— ASSIGNMENT —
Copy the data that appears below exactly. Drop the pictures.

▽

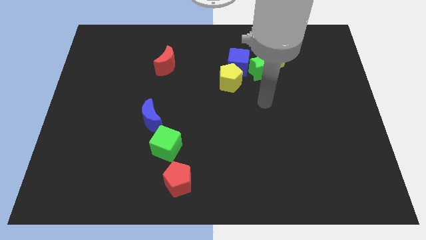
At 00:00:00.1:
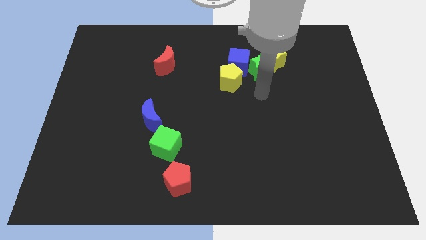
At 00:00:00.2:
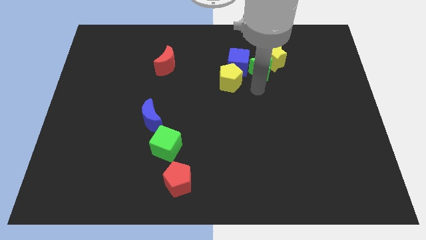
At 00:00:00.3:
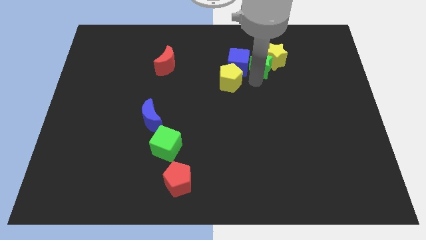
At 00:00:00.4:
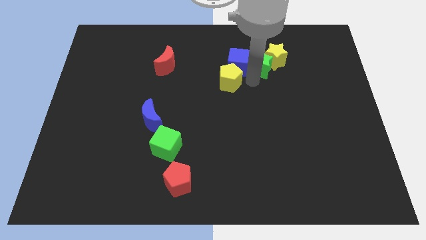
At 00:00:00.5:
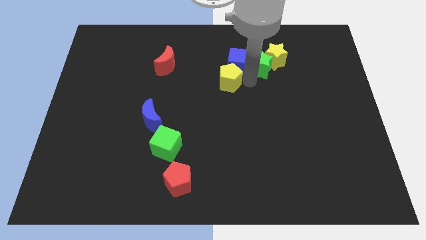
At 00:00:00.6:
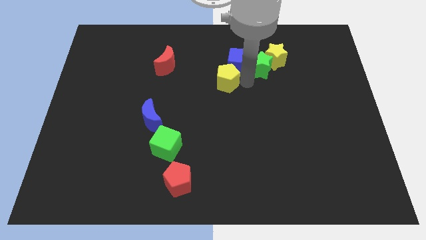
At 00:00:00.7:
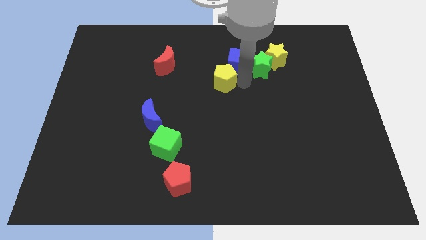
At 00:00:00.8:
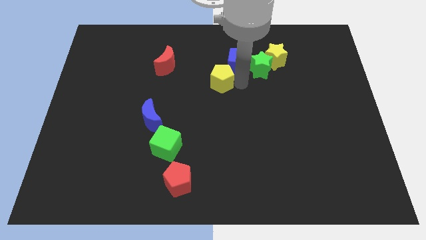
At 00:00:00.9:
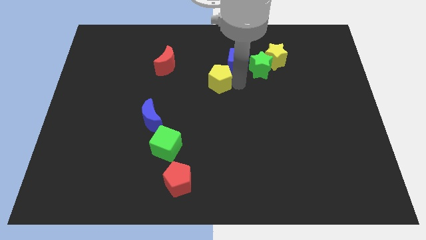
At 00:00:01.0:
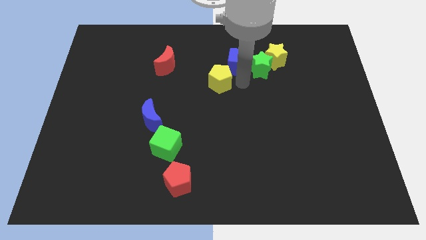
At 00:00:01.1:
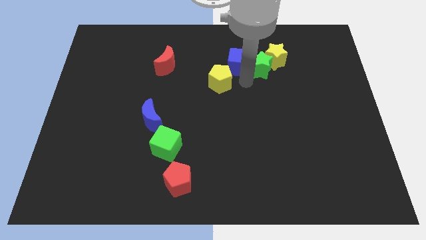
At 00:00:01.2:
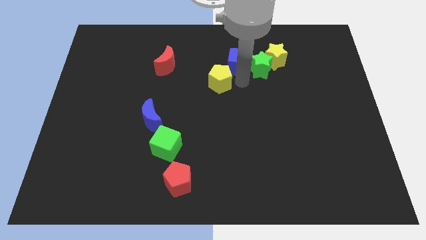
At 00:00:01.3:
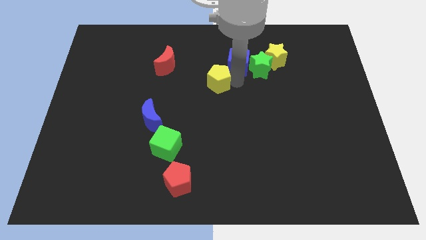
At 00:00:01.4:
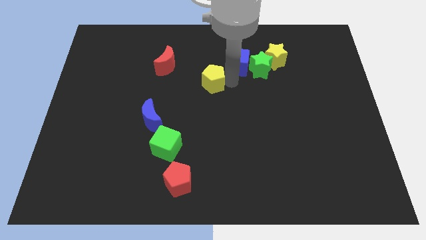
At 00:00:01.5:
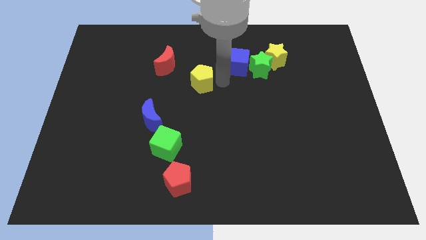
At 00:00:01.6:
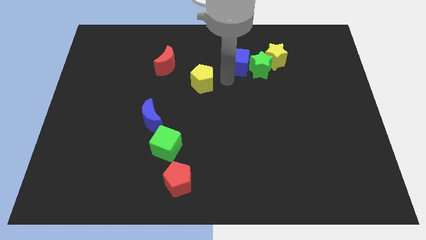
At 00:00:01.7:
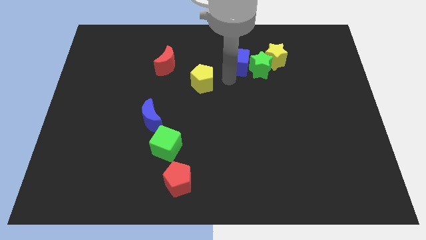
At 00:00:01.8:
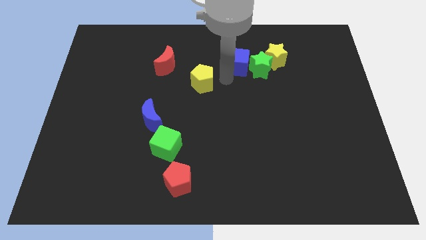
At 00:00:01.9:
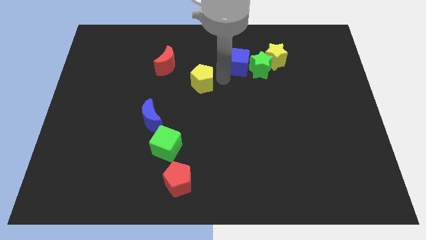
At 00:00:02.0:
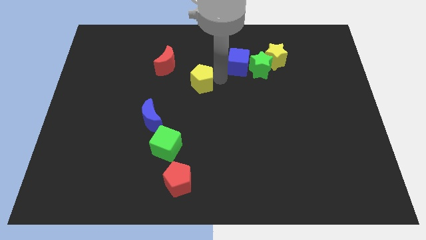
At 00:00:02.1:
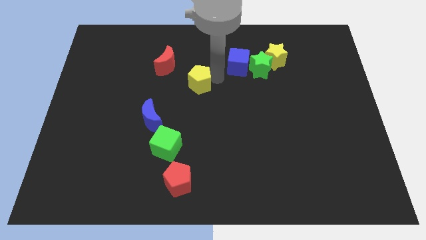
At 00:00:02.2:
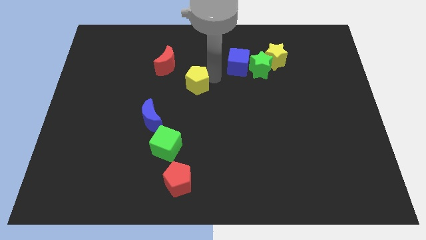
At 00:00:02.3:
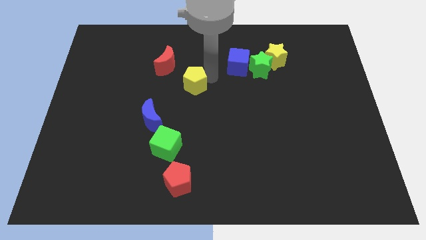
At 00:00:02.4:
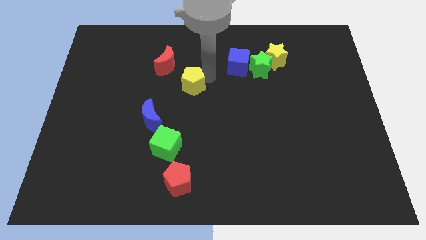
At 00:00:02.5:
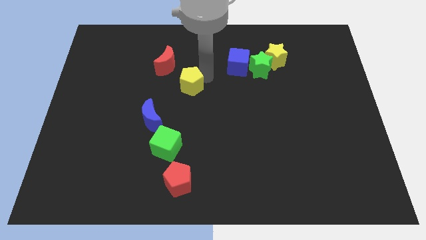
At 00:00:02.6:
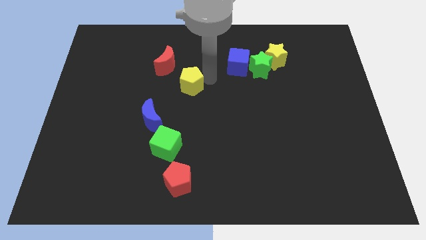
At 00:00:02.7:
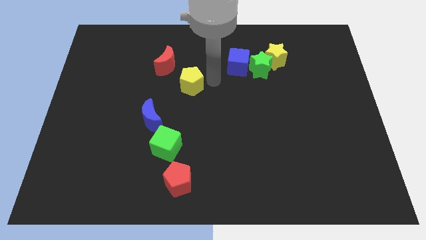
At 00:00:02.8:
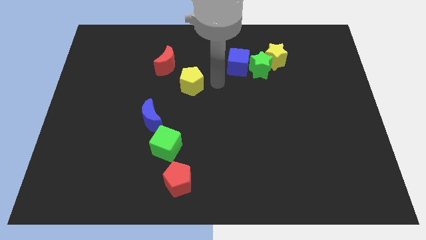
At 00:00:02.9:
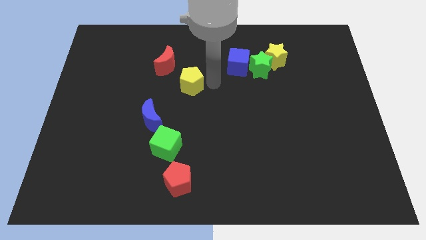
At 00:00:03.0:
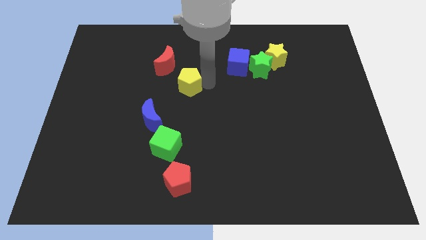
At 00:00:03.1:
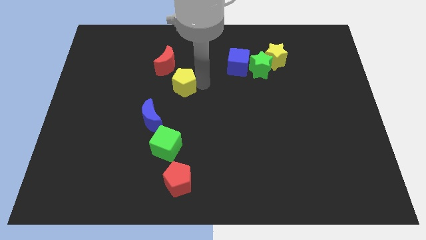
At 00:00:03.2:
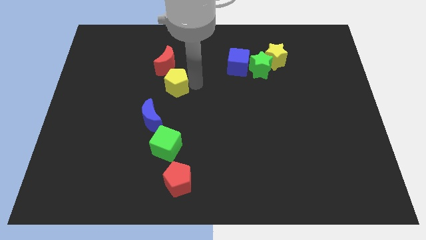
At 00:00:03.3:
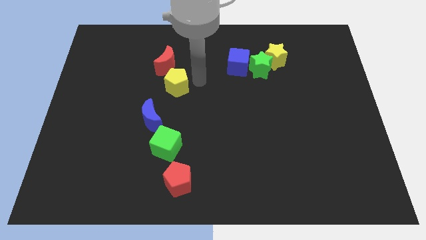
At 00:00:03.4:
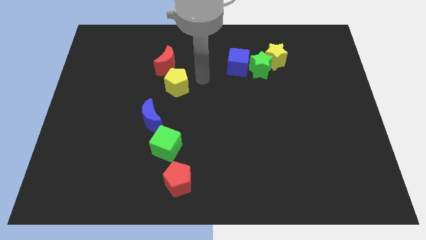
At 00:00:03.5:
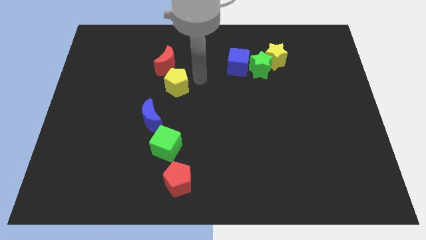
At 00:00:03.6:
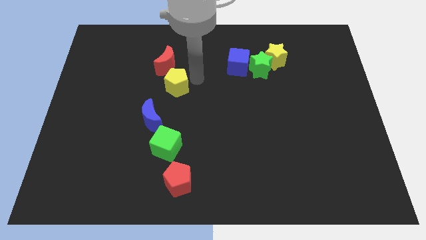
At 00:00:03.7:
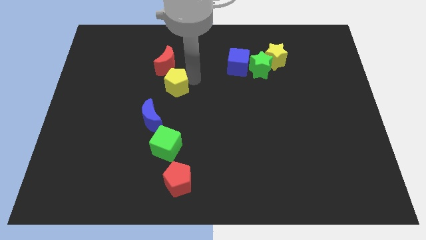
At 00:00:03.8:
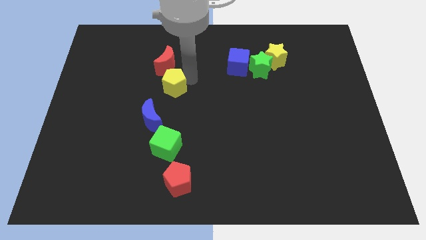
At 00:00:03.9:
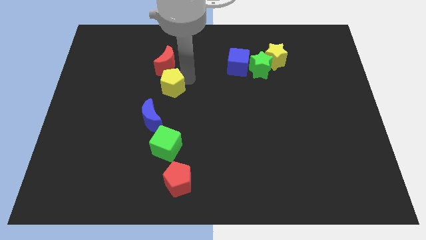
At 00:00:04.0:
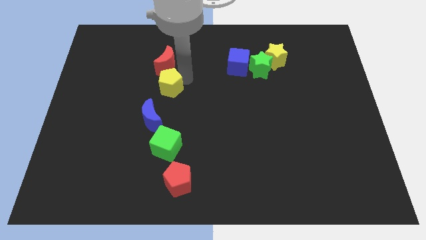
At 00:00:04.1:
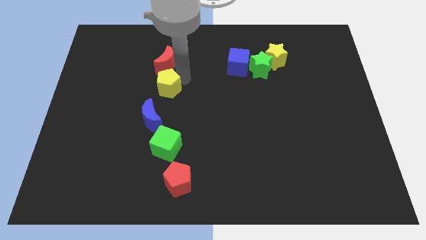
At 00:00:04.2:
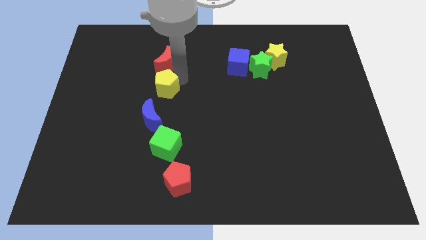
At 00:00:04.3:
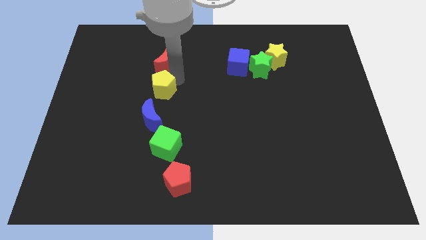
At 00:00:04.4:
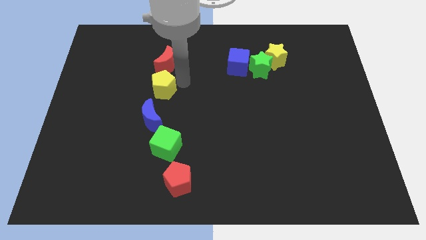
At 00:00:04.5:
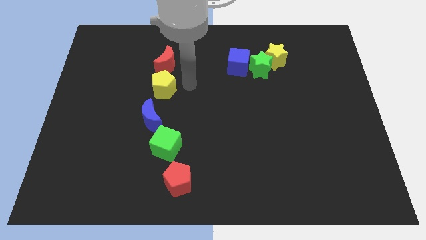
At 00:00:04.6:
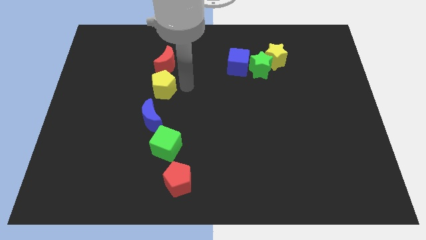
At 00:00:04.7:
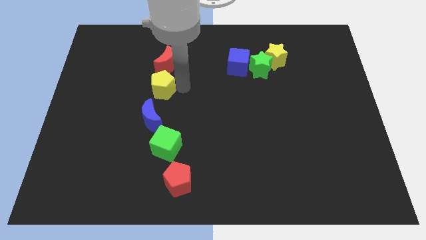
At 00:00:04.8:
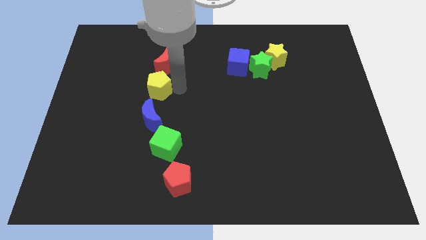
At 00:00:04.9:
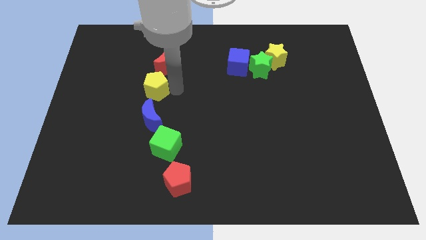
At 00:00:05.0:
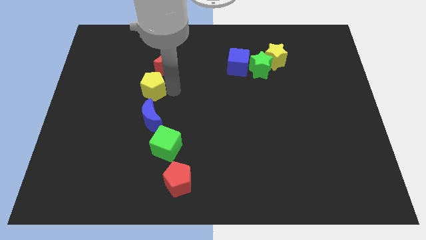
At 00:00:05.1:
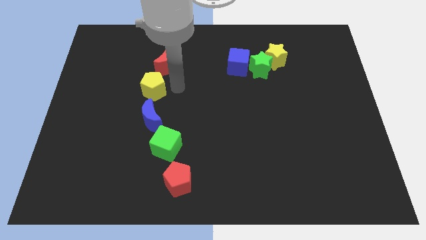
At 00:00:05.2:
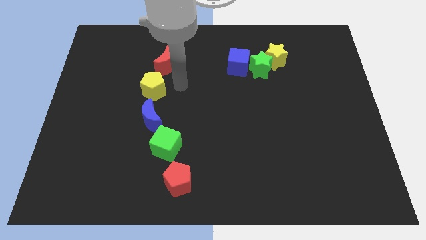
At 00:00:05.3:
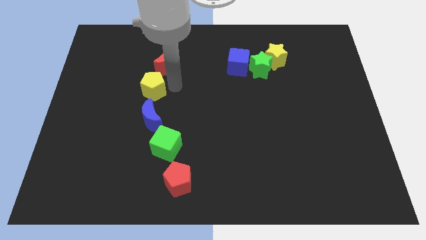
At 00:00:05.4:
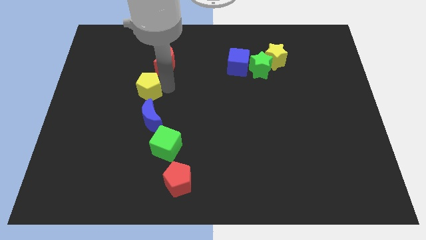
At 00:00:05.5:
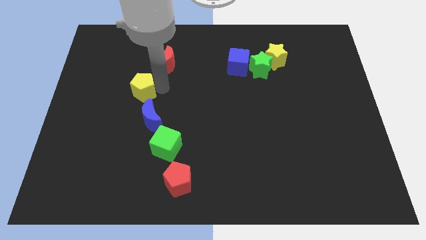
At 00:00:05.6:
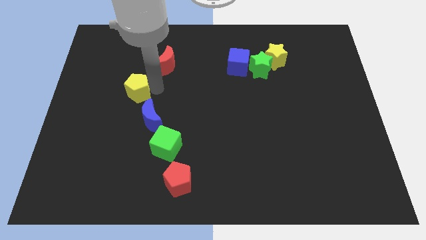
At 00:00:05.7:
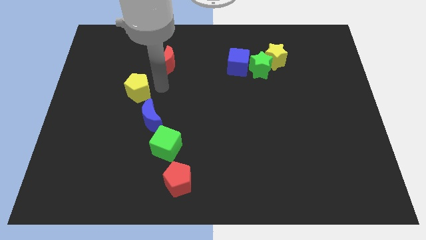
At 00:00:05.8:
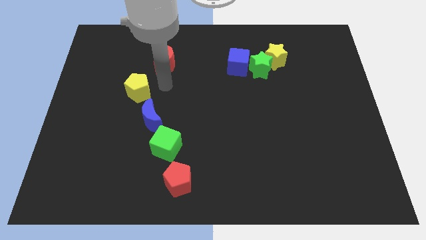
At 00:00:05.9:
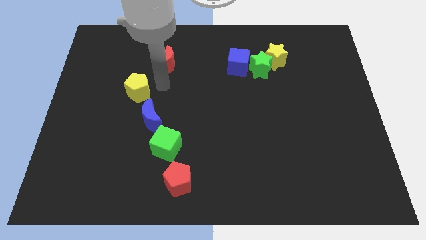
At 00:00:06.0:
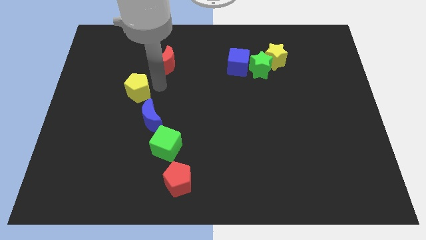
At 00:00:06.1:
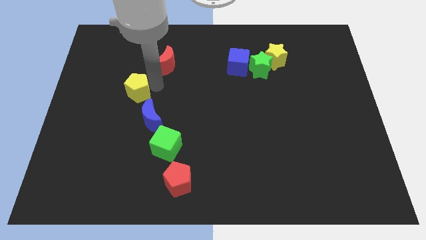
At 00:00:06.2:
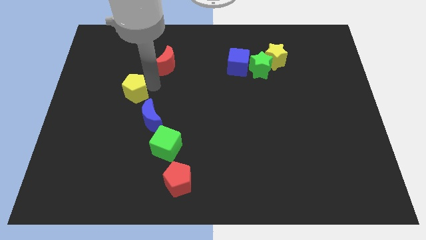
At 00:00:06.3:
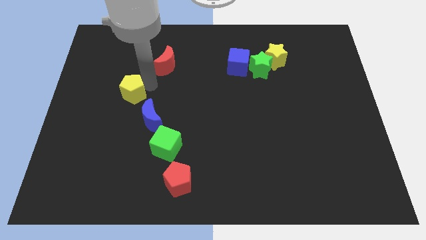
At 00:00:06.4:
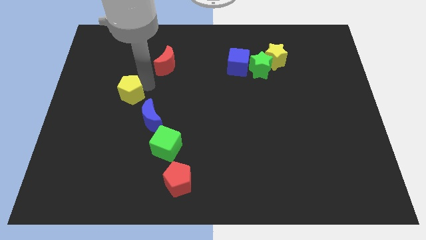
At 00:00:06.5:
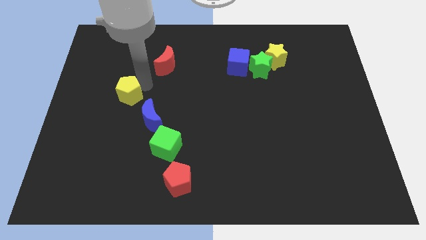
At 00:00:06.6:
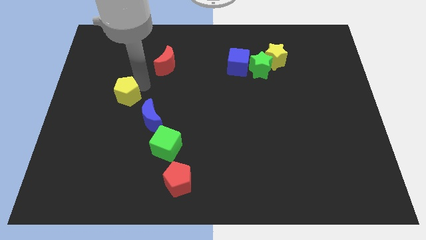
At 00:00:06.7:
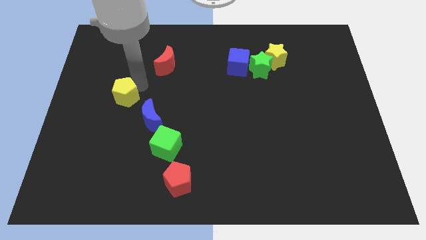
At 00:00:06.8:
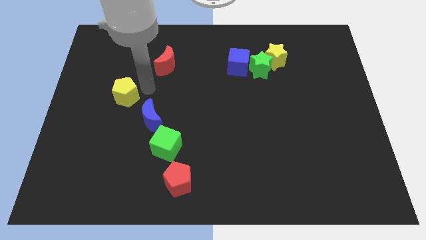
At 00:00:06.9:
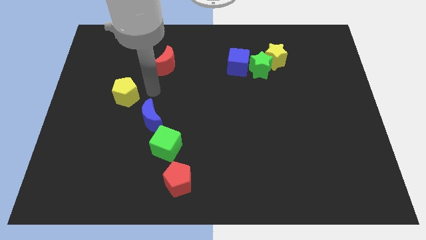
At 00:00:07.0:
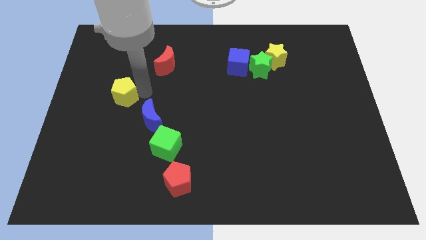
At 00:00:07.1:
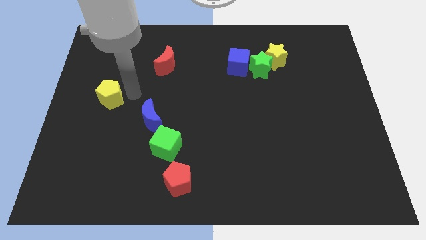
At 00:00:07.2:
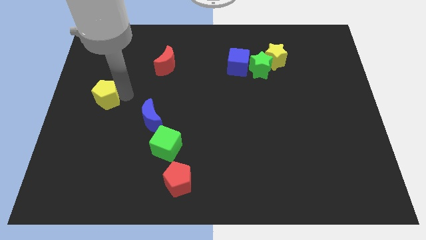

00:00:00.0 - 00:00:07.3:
slide the yellow pentagon to the left side of the board

△

— EXPECTED ANSWER —
At 00:00:00.1:
At 00:00:00.2:
At 00:00:00.3:
At 00:00:00.4:
At 00:00:00.5:
At 00:00:00.6:
At 00:00:00.7:
At 00:00:00.8:
At 00:00:00.9:
At 00:00:01.0:
At 00:00:01.1:
At 00:00:01.2:
At 00:00:01.3:
At 00:00:01.4:
At 00:00:01.5:
At 00:00:01.6:
At 00:00:01.7:
At 00:00:01.8:
At 00:00:01.9:
At 00:00:02.0:
At 00:00:02.1:
At 00:00:02.2:
At 00:00:02.3:
At 00:00:02.4:
At 00:00:02.5:
At 00:00:02.6:
At 00:00:02.7:
At 00:00:02.8:
At 00:00:02.9:
At 00:00:03.0:
At 00:00:03.1:
At 00:00:03.2:
At 00:00:03.3:
At 00:00:03.4:
At 00:00:03.5:
At 00:00:03.6:
At 00:00:03.7:
At 00:00:03.8:
At 00:00:03.9:
At 00:00:04.0:
At 00:00:04.1:
At 00:00:04.2:
At 00:00:04.3:
At 00:00:04.4:
At 00:00:04.5:
At 00:00:04.6:
At 00:00:04.7:
At 00:00:04.8:
At 00:00:04.9:
At 00:00:05.0:
At 00:00:05.1:
At 00:00:05.2:
At 00:00:05.3:
At 00:00:05.4:
At 00:00:05.5:
At 00:00:05.6:
At 00:00:05.7:
At 00:00:05.8:
At 00:00:05.9:
At 00:00:06.0:
At 00:00:06.1:
At 00:00:06.2:
At 00:00:06.3:
At 00:00:06.4:
At 00:00:06.5:
At 00:00:06.6:
At 00:00:06.7:
At 00:00:06.8:
At 00:00:06.9:
At 00:00:07.0:
At 00:00:07.1:
At 00:00:07.2:

00:00:00.0 - 00:00:07.3:
slide the yellow pentagon to the left side of the board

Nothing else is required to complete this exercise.